Wenige Tage nach einer schweren Operation schickt das Luzerner Kantonsspital eine 89-jährige Seniorin heim. Es kommt zu Komplikationen. Nun erhebt die Tochter Vorwürfe.
Alexander von Däniken
Das Luzerner Kantonsspital in Wolhusen. (Bild: PD / Emanuel Ammon, Aura)

Das Luzerner Kantonsspital in Wolhusen. (Bild: PD / Emanuel Ammon, Aura)

Seit knapp zwei Jahren gelten in der Schweiz die Fallpauschalen. Mit diesem System dürfen die Spitäler für jede Operation nicht mehr als einen fixen Betrag verrechnen. Je schneller die Spitäler arbeiten, desto mehr verdienen sie. Damit besteht die Gefahr, dass die Spitäler ihre Patienten zu früh entlassen.

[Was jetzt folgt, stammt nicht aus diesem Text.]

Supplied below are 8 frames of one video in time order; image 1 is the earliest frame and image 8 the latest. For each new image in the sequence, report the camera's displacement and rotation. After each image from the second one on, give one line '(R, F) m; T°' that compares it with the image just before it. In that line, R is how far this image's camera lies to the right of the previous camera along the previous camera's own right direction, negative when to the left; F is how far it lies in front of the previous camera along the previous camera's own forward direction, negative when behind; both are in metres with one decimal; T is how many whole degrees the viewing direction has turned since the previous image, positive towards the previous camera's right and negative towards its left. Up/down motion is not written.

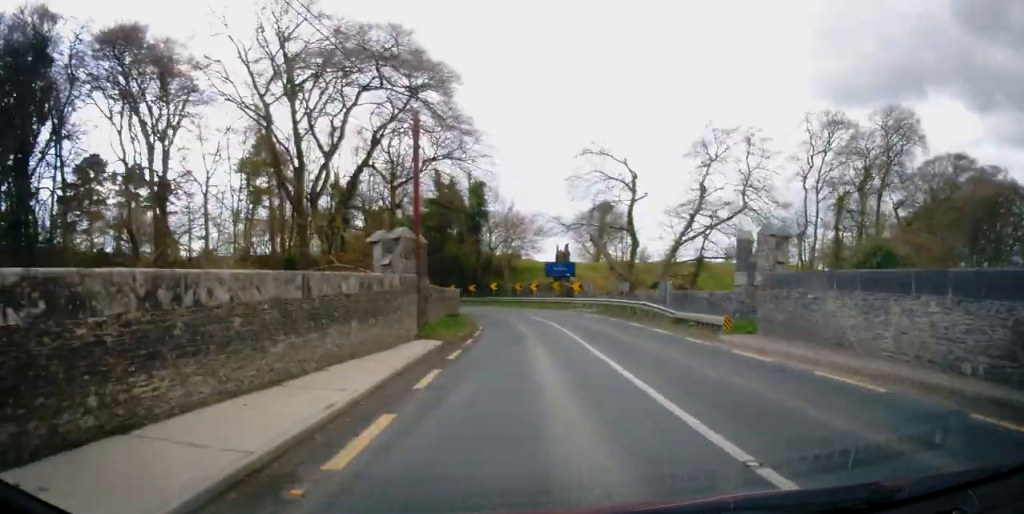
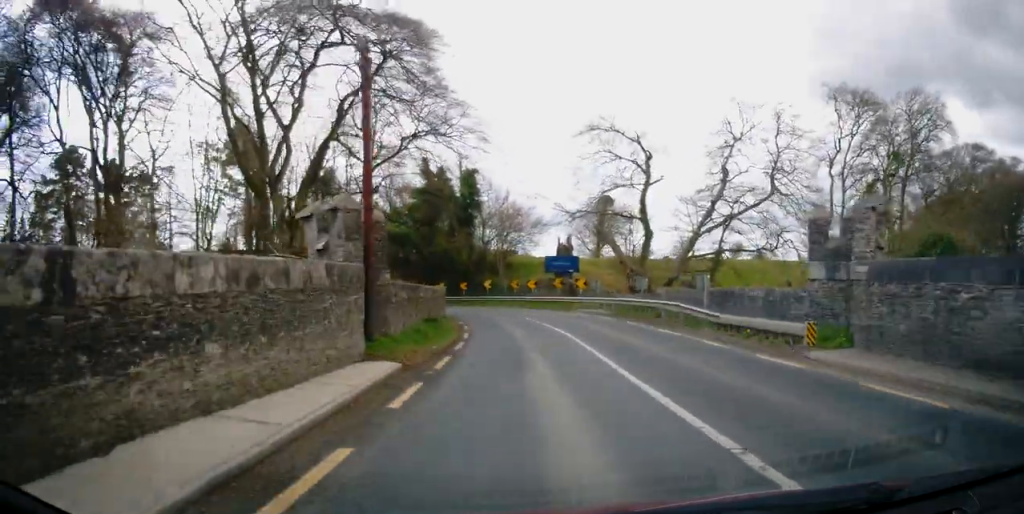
(+0.1, +5.6) m; 0°
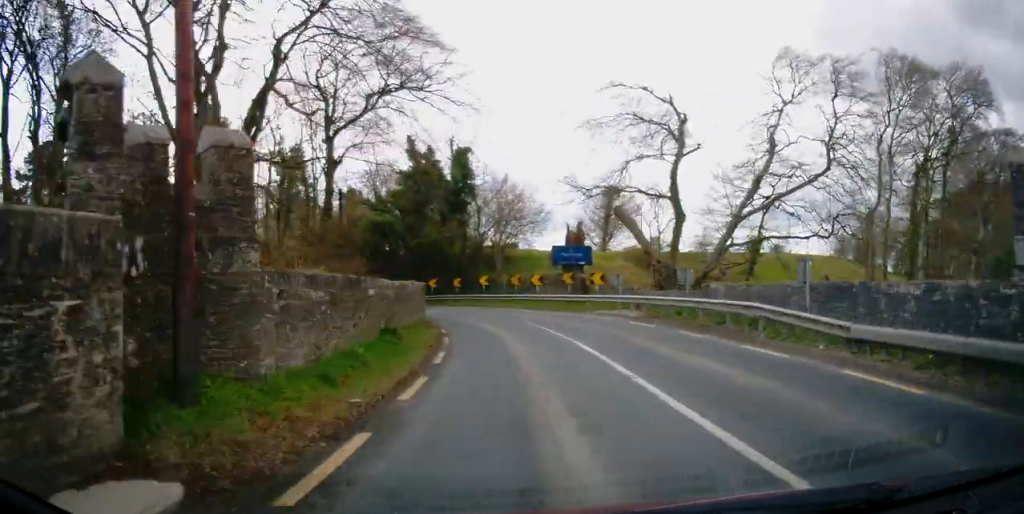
(-0.1, +7.5) m; 0°
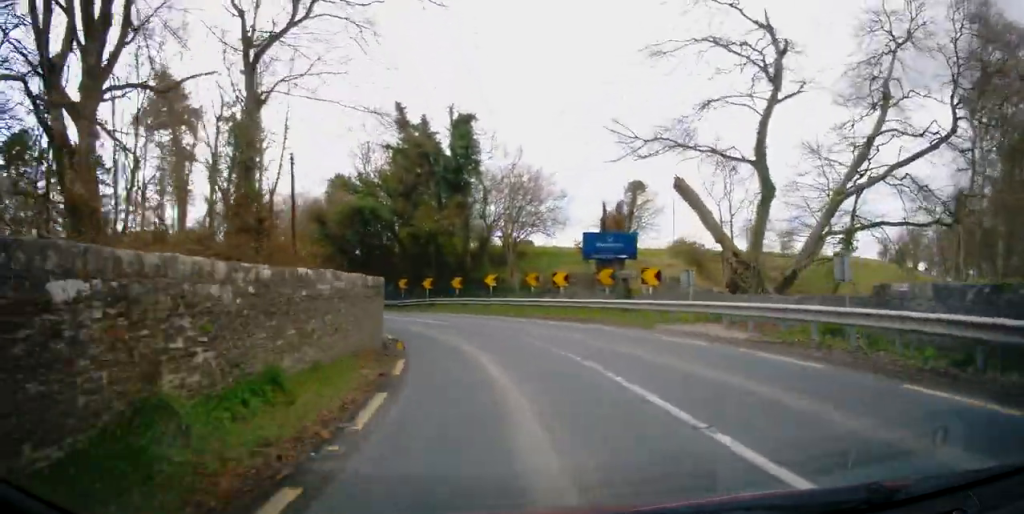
(-0.1, +10.0) m; -1°
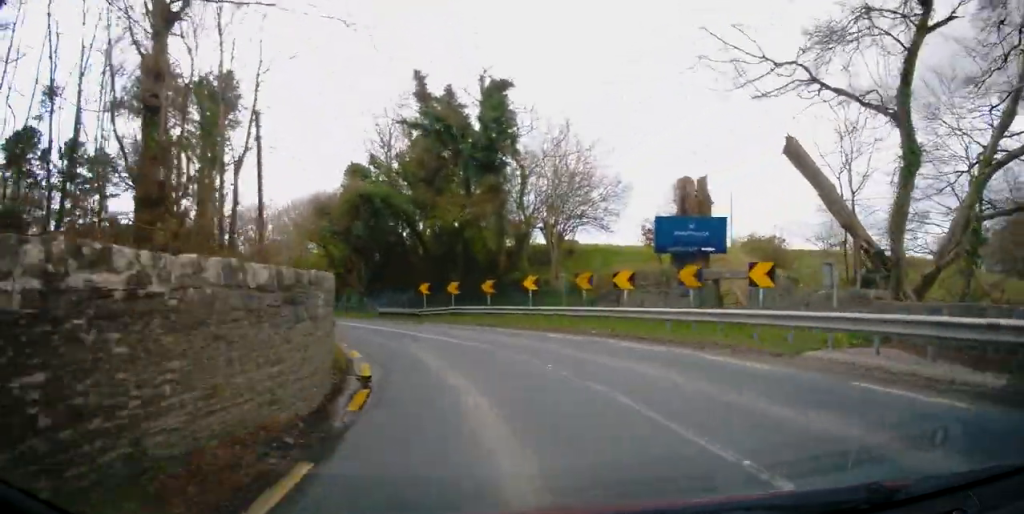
(+0.3, +7.3) m; -3°
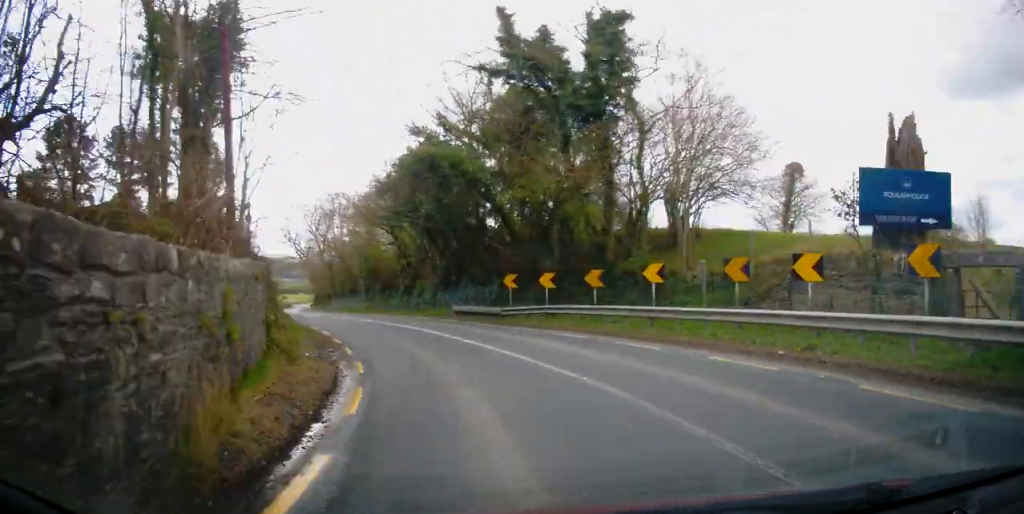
(-0.6, +7.8) m; -7°
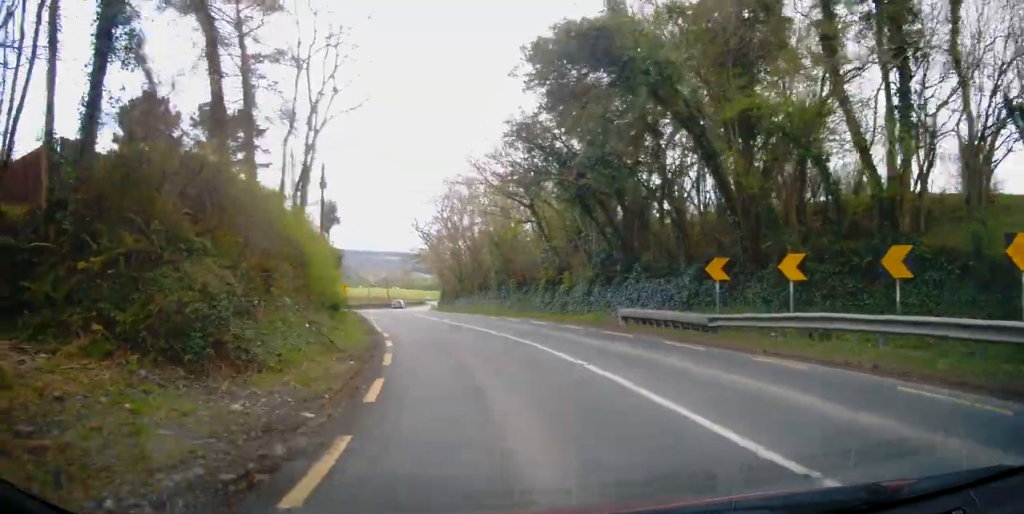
(-1.1, +11.2) m; -12°
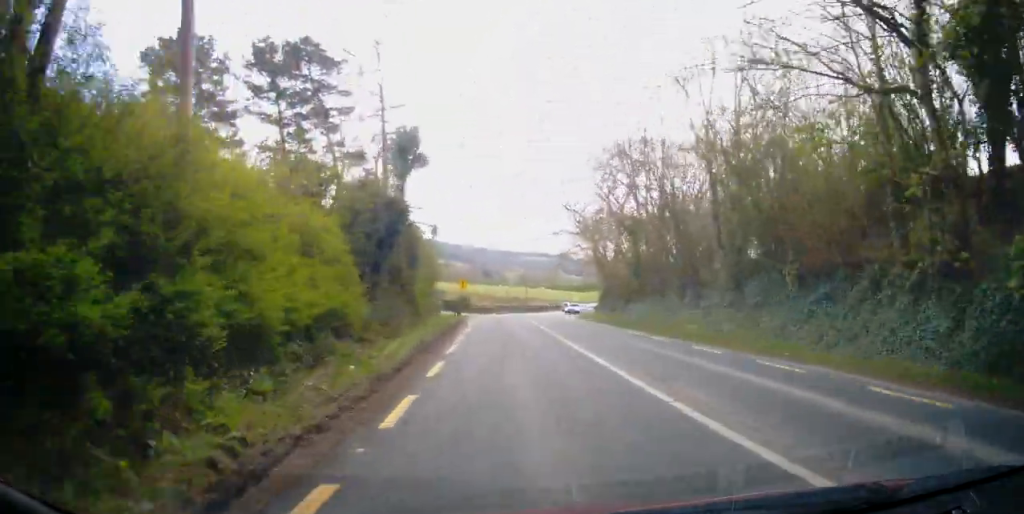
(-3.8, +21.1) m; -16°

Die Spitäler haben immer abgestritten, dass es solche blutigen Entlassungen gibt. So auch das Luzerner Kantonsspital. Allerdings kommen jetzt Zweifel auf. Eine Frau, die namentlich nicht genannt werden will, erzählt von der nervenaufreibenden Spitalgeschichte ihrer Mutter (89). Diese lebt in einem Alters- und Pflegeheim im Entlebuch und ist auf den Rollstuhl angewiesen. Nur wenige Schritte auf den eigenen Beinen sind möglich. Diese Schritte werden der Seniorin am Abend des 24. Oktober zum Verhängnis. Sie stürzt und wird mit der Ambulanz ins Kantonsspital Wolhusen gebracht. Dort stellen die Ärzte einen Oberschenkelhalsbruch fest. Am Freitag, 25. Oktober, wird die Seniorin operiert. Dabei setzen ihr die Ärzte ein neues Hüftgelenk ein. «Die Operation war sehr schwierig», sagt die Tochter.

Nach einer Woche entlassen

Trotzdem scheint die Operation gelungen. Drei Tage danach erfahren die Angehörigen allerdings, dass ihre Mutter eine Lungenentzündung erlitten hat. «Ausserdem machte sie einen sehr verwirrten Eindruck.» Trotzdem wurde sie am Freitag, 1. November, aus dem Spital entlassen.

Zurück im Alters- und Pflegeheim, verschlechtert sich der Zustand der 89-Jährigen. Am Oberschenkel bildet sich eine riesige Schwellung, wahrscheinlich verursacht durch eine falsch dosierte Blutverdünnung. Am 3. November schickt ein herbeigerufener Notarzt die Seniorin sofort wieder ins Kantonsspital Wolhusen. Dort wird sie am 4. November erneut operiert. Doch auch diese Operation bleibt nicht ohne Folgen. Nur wenige Tage später stellen die Ärzte bei der Seniorin einen Wundinfekt fest. Immerhin ist sie da noch im Spital. Es folgt die dritte Operation.

Angehörige: Blutige Entlassung

Der Seniorin geht es mittlerweile wieder gut; sie lebt wieder im Alters- und Pflegeheim. Nach der Beurteilung ihrer Angehörigen sieht dies eindeutig nach einer blutigen Entlassung aus.

Die Mediensprecherin des Luzerner Kantonsspitals, Ramona Helfenberger, sagt lediglich: «Wir prüfen den konkreten Einzelfall und sind mit den Angehörigen im Gespräch.